Applications of prestressed concrete

Updated: Jun 12

Article by: Gobinda Burman from: Green Environmet


A beam resting on supports at each end trends to bend under its own weight and under applied loading. This causes compression along the top part of the beam and tension along the bottom part. In other words, there is a tendency for the bottom of the beam to stretch.

Concrete is strong in compression, but weak in tension, and for this reason, a plain concrete beam has little strength. The tensile weakness of concrete is overcome by casting steel bars into the sections where tension is likely to occur. When a load is applied on beam, cracks still occur in the concrete, but the tension is carried by the steel reinforcement.

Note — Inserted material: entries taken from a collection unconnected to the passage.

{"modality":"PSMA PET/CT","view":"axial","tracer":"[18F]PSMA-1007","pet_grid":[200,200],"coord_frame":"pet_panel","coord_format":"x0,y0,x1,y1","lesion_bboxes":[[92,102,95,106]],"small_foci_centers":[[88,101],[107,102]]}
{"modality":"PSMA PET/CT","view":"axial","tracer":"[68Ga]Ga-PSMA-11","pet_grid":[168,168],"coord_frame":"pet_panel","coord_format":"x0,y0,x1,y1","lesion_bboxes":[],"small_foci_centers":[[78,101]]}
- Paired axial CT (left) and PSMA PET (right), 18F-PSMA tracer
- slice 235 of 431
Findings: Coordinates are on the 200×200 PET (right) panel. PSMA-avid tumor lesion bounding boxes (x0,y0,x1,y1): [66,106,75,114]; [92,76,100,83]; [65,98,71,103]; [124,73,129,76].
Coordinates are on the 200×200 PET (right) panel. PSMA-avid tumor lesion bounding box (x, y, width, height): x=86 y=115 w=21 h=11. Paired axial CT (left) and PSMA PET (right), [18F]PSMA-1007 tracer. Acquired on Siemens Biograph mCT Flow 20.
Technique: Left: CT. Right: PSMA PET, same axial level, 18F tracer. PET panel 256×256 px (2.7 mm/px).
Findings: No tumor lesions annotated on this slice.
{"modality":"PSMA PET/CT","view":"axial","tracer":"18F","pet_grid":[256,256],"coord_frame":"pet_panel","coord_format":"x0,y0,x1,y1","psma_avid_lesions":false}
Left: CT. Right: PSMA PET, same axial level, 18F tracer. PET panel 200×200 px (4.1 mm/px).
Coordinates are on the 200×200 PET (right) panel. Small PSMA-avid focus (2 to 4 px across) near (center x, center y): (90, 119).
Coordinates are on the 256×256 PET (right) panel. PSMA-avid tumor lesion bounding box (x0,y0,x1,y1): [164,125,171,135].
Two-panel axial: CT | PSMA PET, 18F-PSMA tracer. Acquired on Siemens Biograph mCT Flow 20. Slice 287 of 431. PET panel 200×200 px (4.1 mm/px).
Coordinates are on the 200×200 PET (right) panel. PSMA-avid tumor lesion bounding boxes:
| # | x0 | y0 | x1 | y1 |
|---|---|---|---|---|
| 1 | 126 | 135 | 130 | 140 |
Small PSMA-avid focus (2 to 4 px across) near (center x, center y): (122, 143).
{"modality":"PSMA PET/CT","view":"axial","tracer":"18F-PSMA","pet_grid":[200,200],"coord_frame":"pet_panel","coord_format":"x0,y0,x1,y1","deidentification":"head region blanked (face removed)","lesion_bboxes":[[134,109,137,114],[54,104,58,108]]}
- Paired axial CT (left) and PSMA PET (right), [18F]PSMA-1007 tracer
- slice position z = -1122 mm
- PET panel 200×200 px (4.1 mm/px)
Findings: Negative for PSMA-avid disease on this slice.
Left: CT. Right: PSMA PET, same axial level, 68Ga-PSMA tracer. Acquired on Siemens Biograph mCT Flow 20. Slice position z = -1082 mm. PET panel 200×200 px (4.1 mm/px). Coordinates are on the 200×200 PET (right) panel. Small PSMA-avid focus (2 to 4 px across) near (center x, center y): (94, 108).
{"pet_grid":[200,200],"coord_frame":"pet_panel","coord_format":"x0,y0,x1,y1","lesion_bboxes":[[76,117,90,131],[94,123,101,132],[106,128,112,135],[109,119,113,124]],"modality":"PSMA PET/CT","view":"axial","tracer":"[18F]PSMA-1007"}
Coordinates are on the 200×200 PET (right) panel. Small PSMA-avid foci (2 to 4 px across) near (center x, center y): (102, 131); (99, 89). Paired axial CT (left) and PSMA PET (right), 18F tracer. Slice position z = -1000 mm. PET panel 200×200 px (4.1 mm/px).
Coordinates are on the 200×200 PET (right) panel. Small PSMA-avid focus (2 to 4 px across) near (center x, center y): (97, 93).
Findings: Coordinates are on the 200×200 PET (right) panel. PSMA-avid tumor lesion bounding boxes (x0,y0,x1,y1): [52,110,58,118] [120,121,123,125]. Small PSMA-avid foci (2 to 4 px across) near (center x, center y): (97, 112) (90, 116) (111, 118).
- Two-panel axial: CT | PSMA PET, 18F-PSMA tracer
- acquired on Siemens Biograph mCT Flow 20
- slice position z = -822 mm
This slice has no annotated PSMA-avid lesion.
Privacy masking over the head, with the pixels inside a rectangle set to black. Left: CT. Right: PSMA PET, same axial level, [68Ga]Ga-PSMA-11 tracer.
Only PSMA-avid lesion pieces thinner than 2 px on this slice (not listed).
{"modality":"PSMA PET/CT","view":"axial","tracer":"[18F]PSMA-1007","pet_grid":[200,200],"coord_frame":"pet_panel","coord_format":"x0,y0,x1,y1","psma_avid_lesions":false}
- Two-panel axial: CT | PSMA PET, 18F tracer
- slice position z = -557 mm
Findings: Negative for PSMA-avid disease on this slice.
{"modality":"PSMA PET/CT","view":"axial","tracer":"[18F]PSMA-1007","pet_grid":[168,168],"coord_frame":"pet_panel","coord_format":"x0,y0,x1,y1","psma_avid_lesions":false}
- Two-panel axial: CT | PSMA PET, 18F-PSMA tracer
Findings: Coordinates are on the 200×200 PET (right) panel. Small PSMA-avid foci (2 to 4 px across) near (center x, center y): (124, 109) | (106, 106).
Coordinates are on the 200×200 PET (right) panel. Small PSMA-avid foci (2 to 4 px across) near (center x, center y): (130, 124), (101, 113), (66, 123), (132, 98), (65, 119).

The principle of prestressing is to compress the beam before it is loaded in such a way that stresses are induced in the section which is opposite in action to those arising under loading. Thus the bottom of the beam is compressed by the prestressing so that tension arising when it is loaded will be entirely neutralized.

Furthermore, the compression in the concrete is also of great importance in resisting shear. If one imagines a prestressed beam as a row of blocks pressed together, it is easy to see that if they are pressed together sufficiently tightly they will not fall out when a load is applied. This condition aided by the device of sweeping cables upwards at the end of the beam will usually eliminate the need for steel reinforcement to resist shear stresses.


The rapid increase in the use of prestressed concrete is due to the fact that it is technically and economically superior to other methods of construction.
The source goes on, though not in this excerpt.